Prognostic impact of hemodynamic response to adenosine in patients older than age 55 years undergoing vasodilator stress myocardial perfusion study

Circulation. 2003 Jun 17;107(23):2894-9. doi: 10.1161/01.CIR.0000072770.27332.75. Epub 2003 Jun 9.

Abstract

Background: The prognostic importance of various hemodynamic responses to adenosine infusion in patients undergoing adenosine stress myocardial perfusion stress (MPS) has not been defined.

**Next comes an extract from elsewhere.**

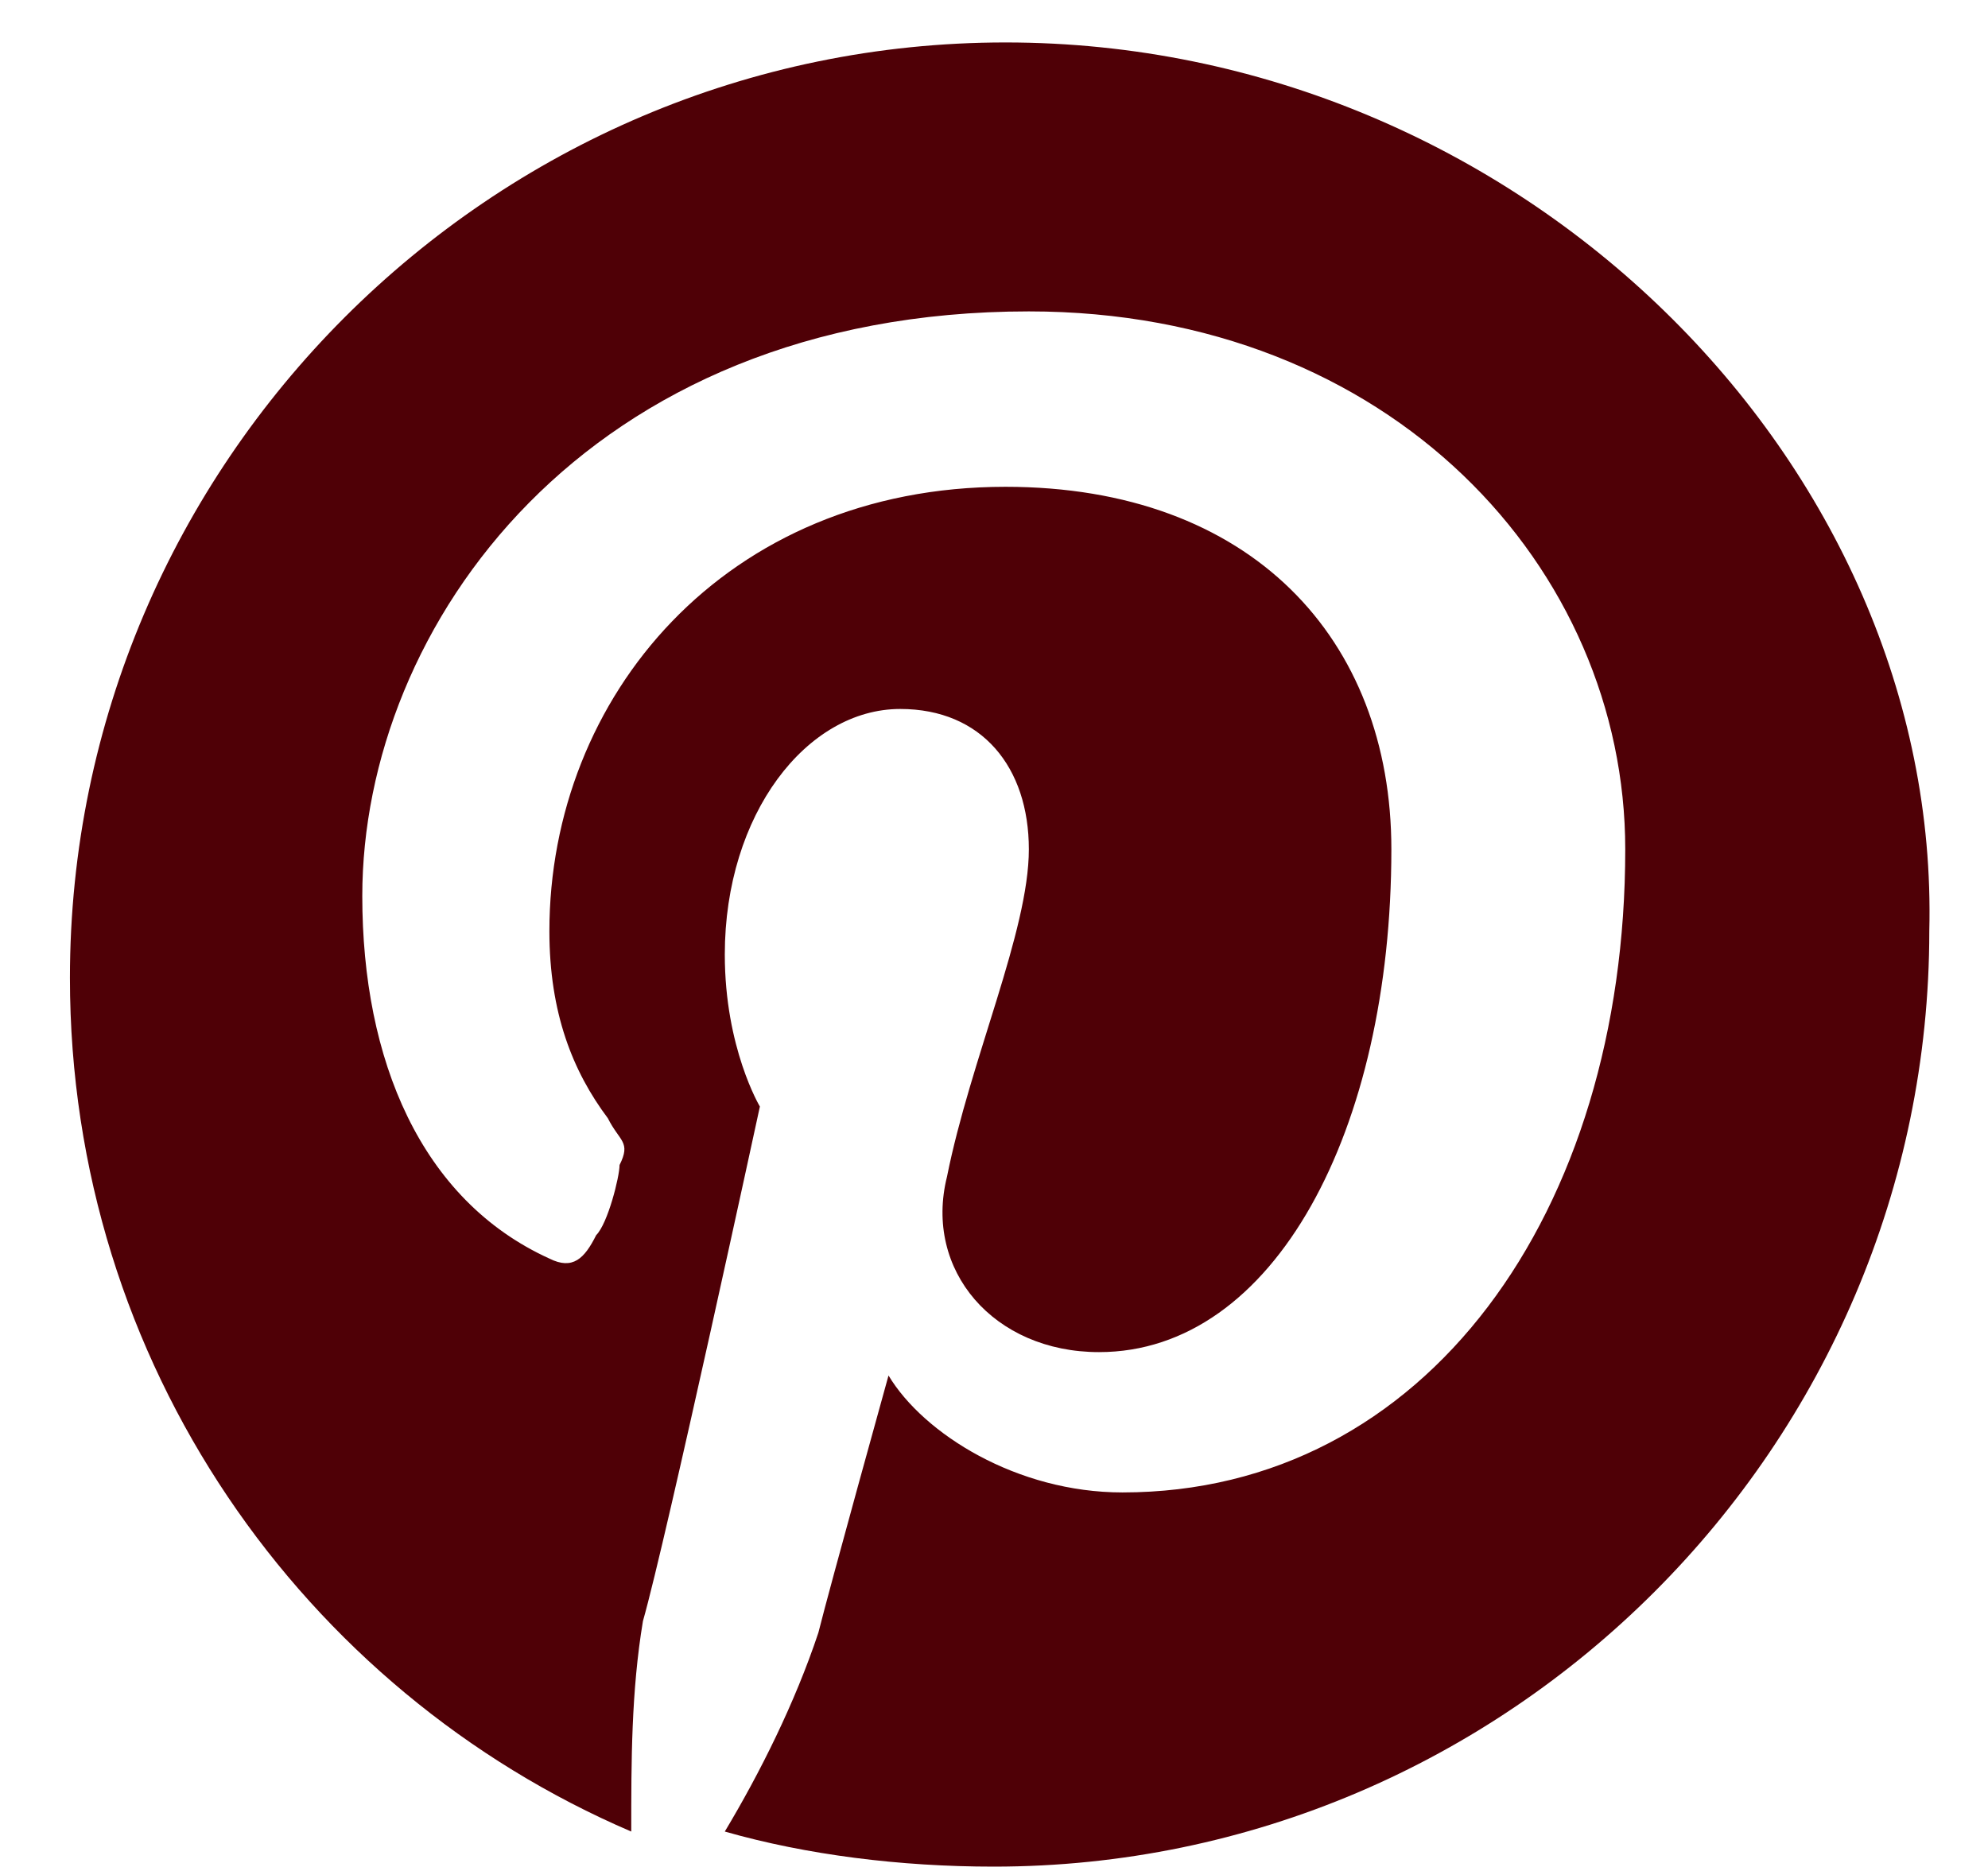 <svg width="17" height="16" viewBox="0 0 17 16" fill="none" xmlns="http://www.w3.org/2000/svg">
<path d="M8.598 0.363C4.198 0.363 0.598 3.963 0.598 8.363C0.598 11.663 2.598 14.463 5.398 15.663C5.398 15.063 5.398 14.463 5.498 13.863C5.698 13.163 6.498 9.463 6.498 9.463C6.498 9.463 6.198 8.963 6.198 8.163C6.198 6.963 6.898 6.063 7.698 6.063C8.398 6.063 8.798 6.563 8.798 7.263C8.798 7.963 8.298 9.063 8.098 10.063C7.898 10.863 8.498 11.563 9.398 11.563C10.898 11.563 11.898 9.663 11.898 7.263C11.898 5.463 10.698 4.163 8.598 4.163C6.198 4.163 4.698 5.963 4.698 7.963C4.698 8.663 4.898 9.163 5.198 9.563C5.298 9.763 5.398 9.763 5.298 9.963C5.298 10.063 5.198 10.463 5.098 10.563C4.998 10.763 4.898 10.863 4.698 10.763C3.598 10.263 3.098 9.063 3.098 7.663C3.098 5.363 4.998 2.663 8.798 2.663C11.898 2.663 13.898 4.863 13.898 7.263C13.898 10.363 12.198 12.763 9.598 12.763C8.698 12.763 7.898 12.263 7.598 11.763C7.598 11.763 7.098 13.563 6.998 13.963C6.798 14.563 6.498 15.163 6.198 15.663C6.898 15.863 7.698 15.963 8.498 15.963C12.898 15.963 16.498 12.363 16.498 7.963C16.598 3.963 12.998 0.363 8.598 0.363Z" fill="#4F0006"/>
</svg>

Methods and results: We identified 3444 unique patients (53.5% women, mean age 74.0+/-8.4 years) who underwent adenosine (with no additional exercise) stress myocardial perfusion single photon emission computed tomography (MPS) and were followed up for 2.0+/-0.8 years. Multivariable Cox proportional hazards analysis was used to assess the prognostic value of hemodynamic variables in predicting cardiac death (CD). Two hundred twenty-four CDs (6.5%) occurred during follow-up. By multivariable analysis, higher rest heart rate (HR) and to a lesser extent lower peak HR were markers of CD. When added to the multivariable model in place of peak and rest HR, the peak/rest HR ratio was an independent predictor of CD. Peak/rest HR ratio additionally risk-stratified patients within each MPS category. A significant interaction was found between gender and peak systolic blood pressure (SBP), in which there was an increased risk associated with a low peak SBP (<90 mm Hg at end of adenosine infusion) in men but not in women.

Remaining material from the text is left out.